3. _`*_run.sh`_: optional bash script, _e.g._: _`gatk_run.sh`_
4. Compute cluster environment (skip on single machine):
+ _`.batchtools.conf.R`_: defines type of scheduler for _`batchtools`_. Note, it is necessary to point the right template accordingly to the cluster in use.
+ _`*.tmpl`_: specifies parameters of scheduler used by a system, _e.g._ Torque, SGE, Slurm, etc.
## Run workflow
Next, run the chosen sample workflow _`systemPipeVARseq`_ ([.Rmd](http://www.bioconductor.org/packages/devel/data/experiment/vignettes/systemPipeRdata/inst/doc/systemPipeVARseq.Rmd)) by executing from the command-line _`make -B`_ within the _`varseq`_ directory. Alternatively, one can run the code from the provided _`*.Rmd`_ template file from within R interactively.

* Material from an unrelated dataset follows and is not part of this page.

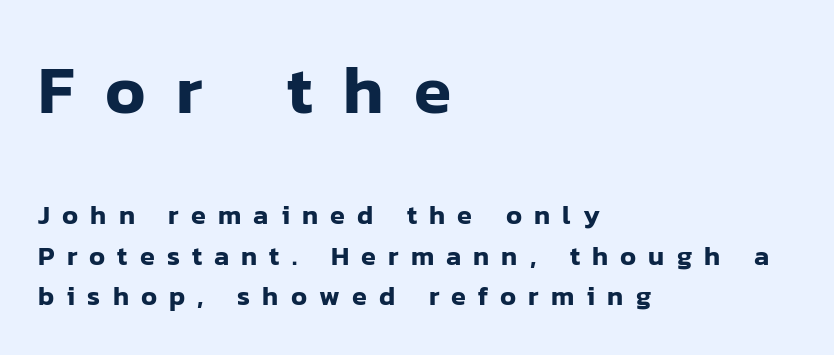
{"serif": "no", "italic": "no", "width": "normal", "stroke_contrast": "low", "x_height": "medium", "monospaced": "no", "underline": "no", "align": "left", "line_spacing": "normal", "line_spacing_ratio": 1.5, "letter_spacing": "wide", "letter_spacing_em": 0.45, "larger_block": "first", "size_ratio": 2.52, "glyph_px": 68}
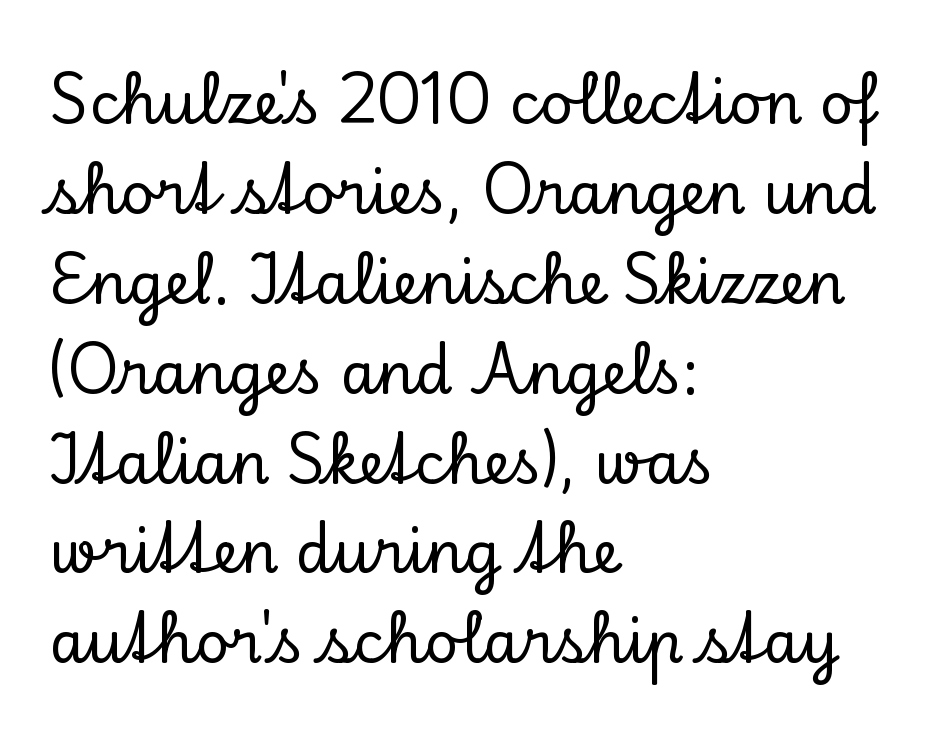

Workflow includes following steps:
1. Read preprocessing
+ Quality filtering (trimming)
+ FASTQ quality report
2. Alignments: _`gsnap`_, _`bwa`_
3. Variant calling: _`VariantTools`_, _`GATK`_, _`BCFtools`_
4. Variant filtering: _`VariantTools`_ and _`VariantAnnotation`_
5. Variant annotation: _`VariantAnnotation`_
6. Combine results from many samples
7. Summary statistics of samples
# Version Information
```{r sessionInfo}
sessionInfo()
```
# Funding
This project was supported by funds from the National Institutes of
Health (NIH) and the National Science Foundation (NSF).